Chapter 8, Problem 65P

To determine

To plot: Acceleration a against probe position $\frac{1}{r^2}$.

To determine: The mass of the asteroid.

Answer to Problem 65P

The mass of the asteroid is $\underset{\_}{1.58\times {10}^{16}\text{kg}}$.

Explanation of Solution

Given information:

The acceleration and position of probe data are given.

Calculation:

The gravitational acceleration at the surface of the asteroid is shown below:

$a=\frac{GM}{r^2}$

Here, G is the constant of universal gravitation with the value of $6.67\times {10}^{-11}\text{N}\cdot {\text{m}}^{\text{2}}{\text{/kg}}^{\text{2}}$, $M_{\text{S}}$ is the mass of the asteroid, and $r$ is the position of probe.

Find the value of $\frac{1}{r^2}$ and plot a vs $\frac{1}{r^2}$ to obtain the best fit line.

The slope of the graph provides the value of GM.

Divide the slope value by G to obtain the mass of the asteroid.
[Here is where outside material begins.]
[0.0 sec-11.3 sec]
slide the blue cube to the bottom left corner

Convert the acceleration value of $\text{0}\text{.172}{\text{mm/s}}^{\text{2}}$ to ${\text{m/s}}^{\text{2}}$:

$\begin{array}{c}a\text{ = 0}\text{.172}{\text{mm/s}}^{\text{2}}\\ \text{= 0}\text{.172}{\text{mm/s}}^{\text{2}}\left(\frac{{10}^{-3}\text{m}}{1\text{mm}}\right)\\ =\text{0}\text{.000172}{\text{m/s}}^{\text{2}}\end{array}$

Find the value of $\frac{1}{r^2}$ for the r value of 80.0 km.

$\begin{array}{c}\frac{1}{r^2}=\frac{1}{{\left(80.0\text{km}\right)}^2}\\ =\frac{1}{{\left(80.0\text{km}\times \frac{{10}^3\text{m}}{1\text{km}}\right)}^2}\\ =1.5625\times {10}^{-10}\end{array}$

Similarly convert the remaining acceleration values and also find the value of $\frac{1}{r^2}$ for the remaining data.
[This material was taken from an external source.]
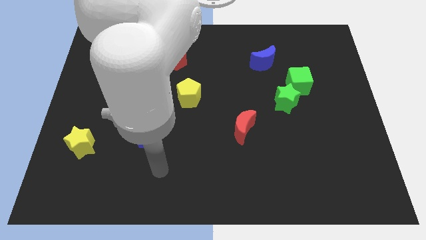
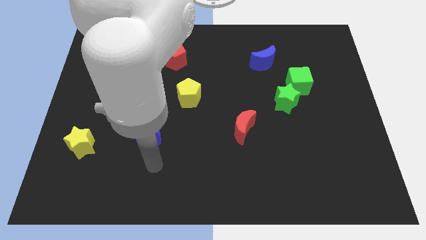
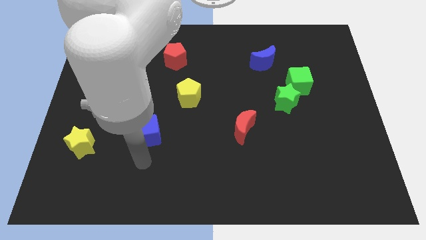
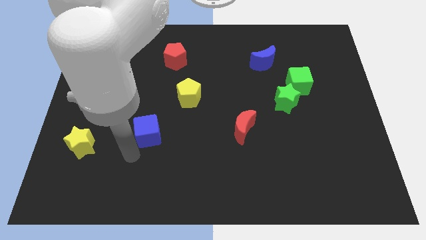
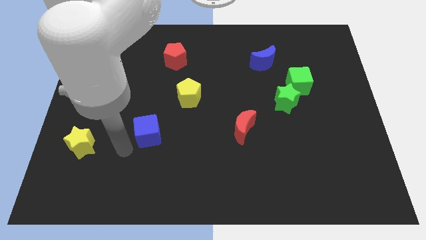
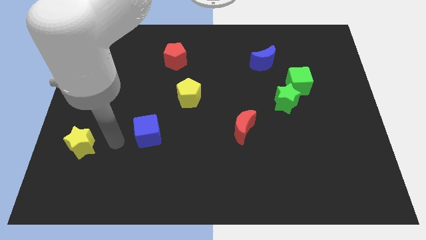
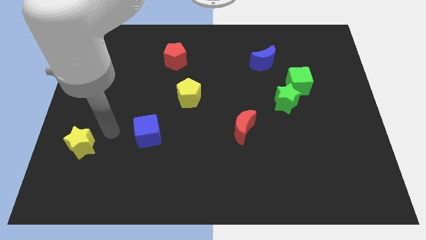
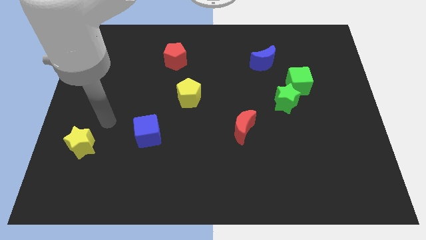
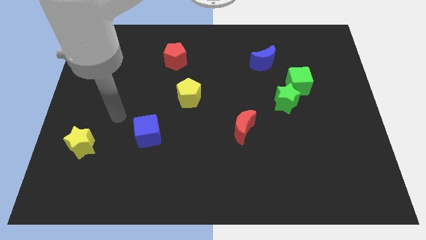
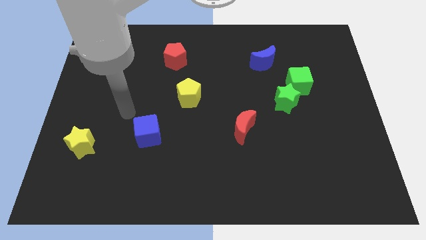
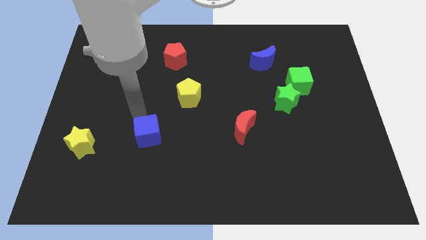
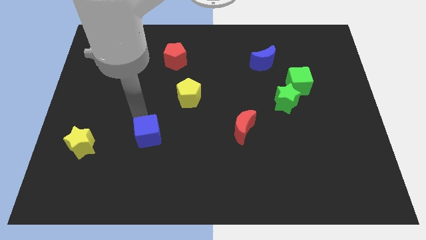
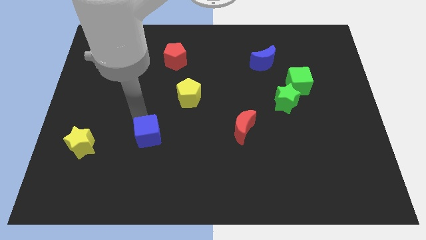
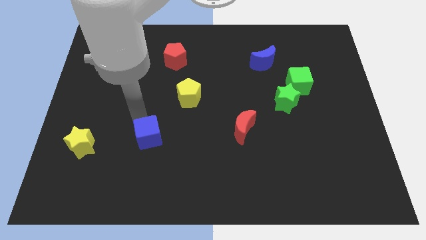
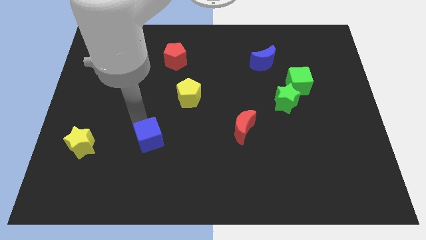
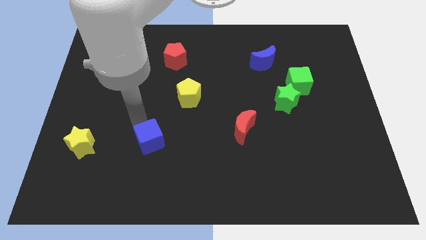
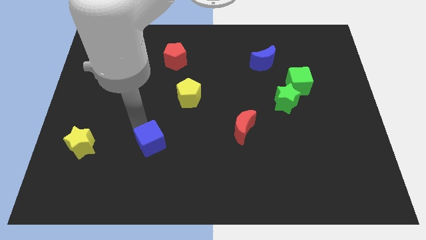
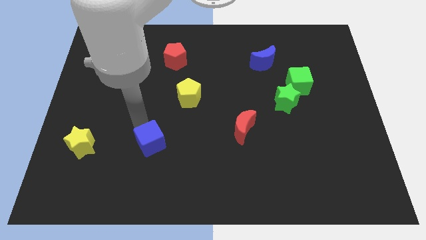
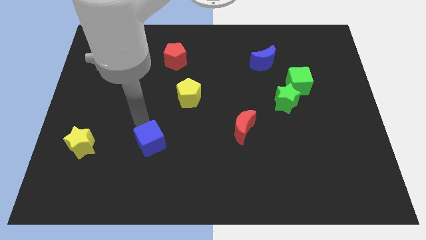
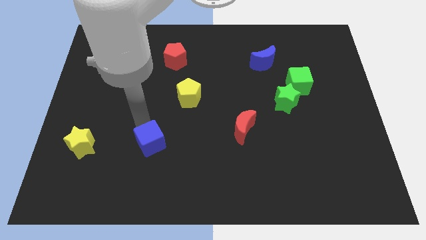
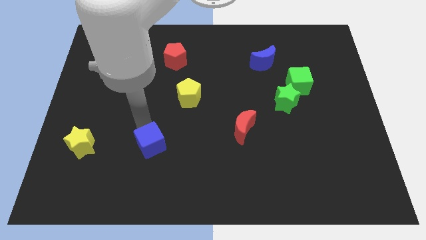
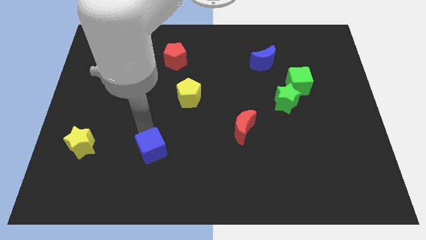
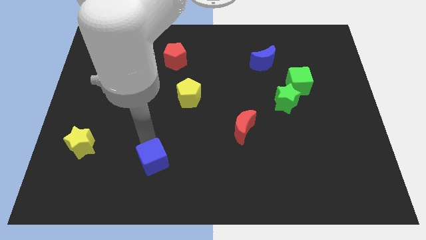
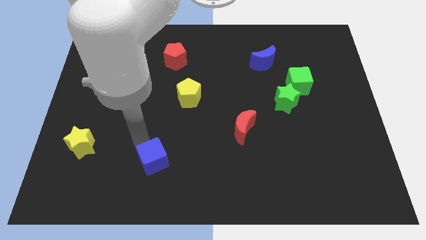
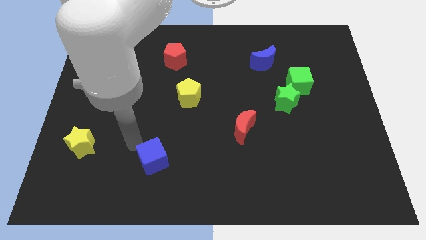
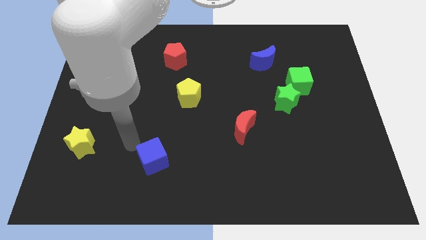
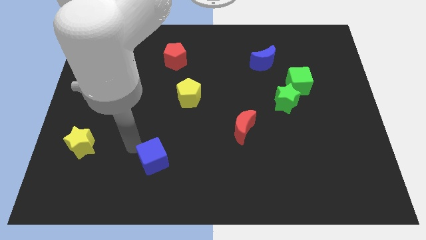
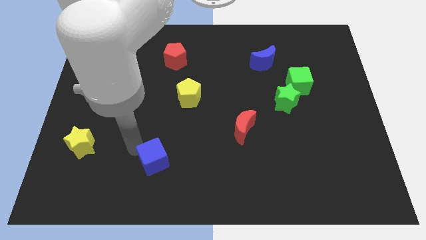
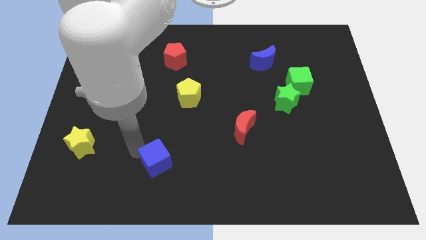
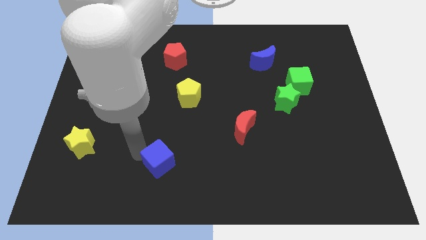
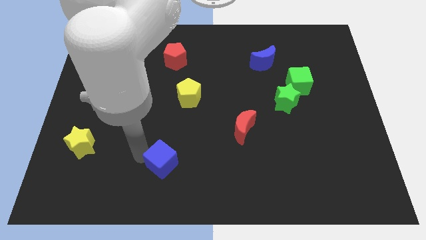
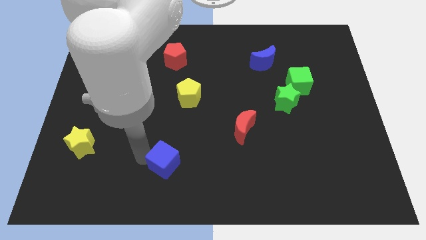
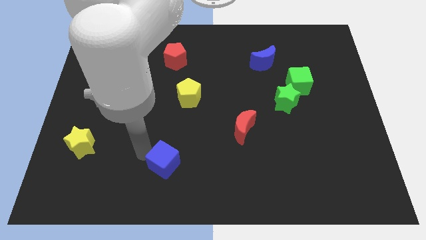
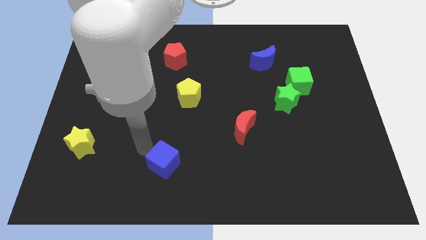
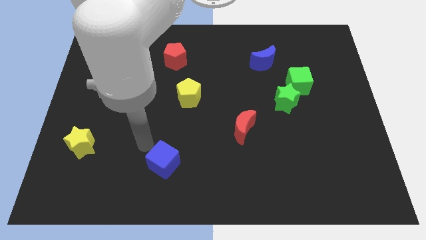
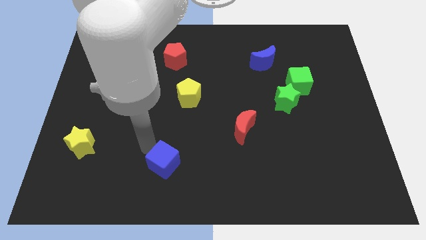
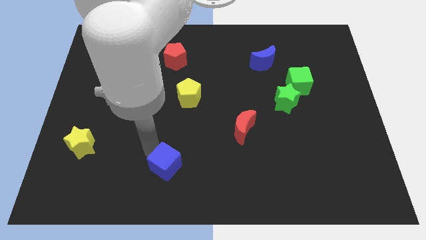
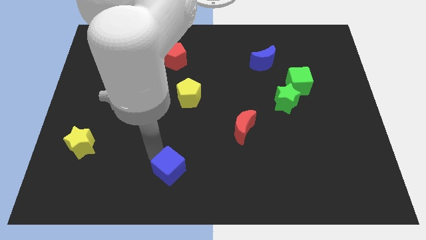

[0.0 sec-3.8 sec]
slide the blue cube to the bottom

Table 1 shows the acceleration (a) and $\frac{1}{r^2}$ values .

Acceleration $a\left({\text{mm/s}}^{\text{2}}\right)$	Acceleration $a\left({\text{m/s}}^{\text{2}}\right)$	Position of the probe $r\left(\text{km}\right)$	Value of $\frac{1}{r^2}$
0.172	0.000172	80.0	$1.5625\times {10}^{-10}$
0.353	0.000353	55.0	$3.3058\times {10}^{-10}$
0.704	0.000704	40.0	$6.25\times {10}^{-10}$
0.858	0.000858	35.0	$8.1633\times {10}^{-10}$
1.18	0.00118	30.0	$1.1111\times {10}^{-9}$

Use Column (2) and Column (4) values to plot $a\left({\text{m/s}}^{\text{2}}\right)$ versus $\frac{1}{r^2}$.
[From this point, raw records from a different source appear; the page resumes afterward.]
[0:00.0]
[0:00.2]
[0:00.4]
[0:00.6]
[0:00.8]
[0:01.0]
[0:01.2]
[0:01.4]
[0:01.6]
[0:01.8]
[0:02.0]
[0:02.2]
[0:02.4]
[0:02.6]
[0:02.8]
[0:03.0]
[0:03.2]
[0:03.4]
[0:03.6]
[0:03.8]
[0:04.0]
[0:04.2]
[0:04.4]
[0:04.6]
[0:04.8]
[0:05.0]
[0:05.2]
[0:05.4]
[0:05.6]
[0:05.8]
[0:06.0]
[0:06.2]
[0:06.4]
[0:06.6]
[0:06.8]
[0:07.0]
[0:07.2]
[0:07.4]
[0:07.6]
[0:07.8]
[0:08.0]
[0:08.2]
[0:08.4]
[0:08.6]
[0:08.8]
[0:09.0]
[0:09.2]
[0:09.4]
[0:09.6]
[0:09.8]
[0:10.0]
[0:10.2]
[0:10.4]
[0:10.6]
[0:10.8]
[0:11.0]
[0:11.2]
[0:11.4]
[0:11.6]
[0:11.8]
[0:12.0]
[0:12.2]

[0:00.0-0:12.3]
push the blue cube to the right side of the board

Sketch of $a\left({\text{m/s}}^{\text{2}}\right)$ versus $\frac{1}{r^2}$ is shown in Figure 1.

Refer Figure 1.

The slope of the line is $=1.054\times {10}^6$.

Slope is equal to GM.

$GM=1.054\times {10}^6$ (1)

Substitute $6.67\times {10}^{-11}\text{N}\cdot {\text{m}}^{\text{2}}{\text{/kg}}^{\text{2}}$ for G to obtain the mass of the asteroid.

$\begin{array}{c}\left(6.67\times {10}^{-11}\right)M=1.054\times {10}^6\\ M=\frac{1.054\times {10}^6}{6.67\times {10}^{-11}}\\ =1.58\times {10}^{16}\text{kg}\end{array}$

Therefore, the mass of the asteroid is $\underset{\_}{1.58\times {10}^{16}\text{kg}}$.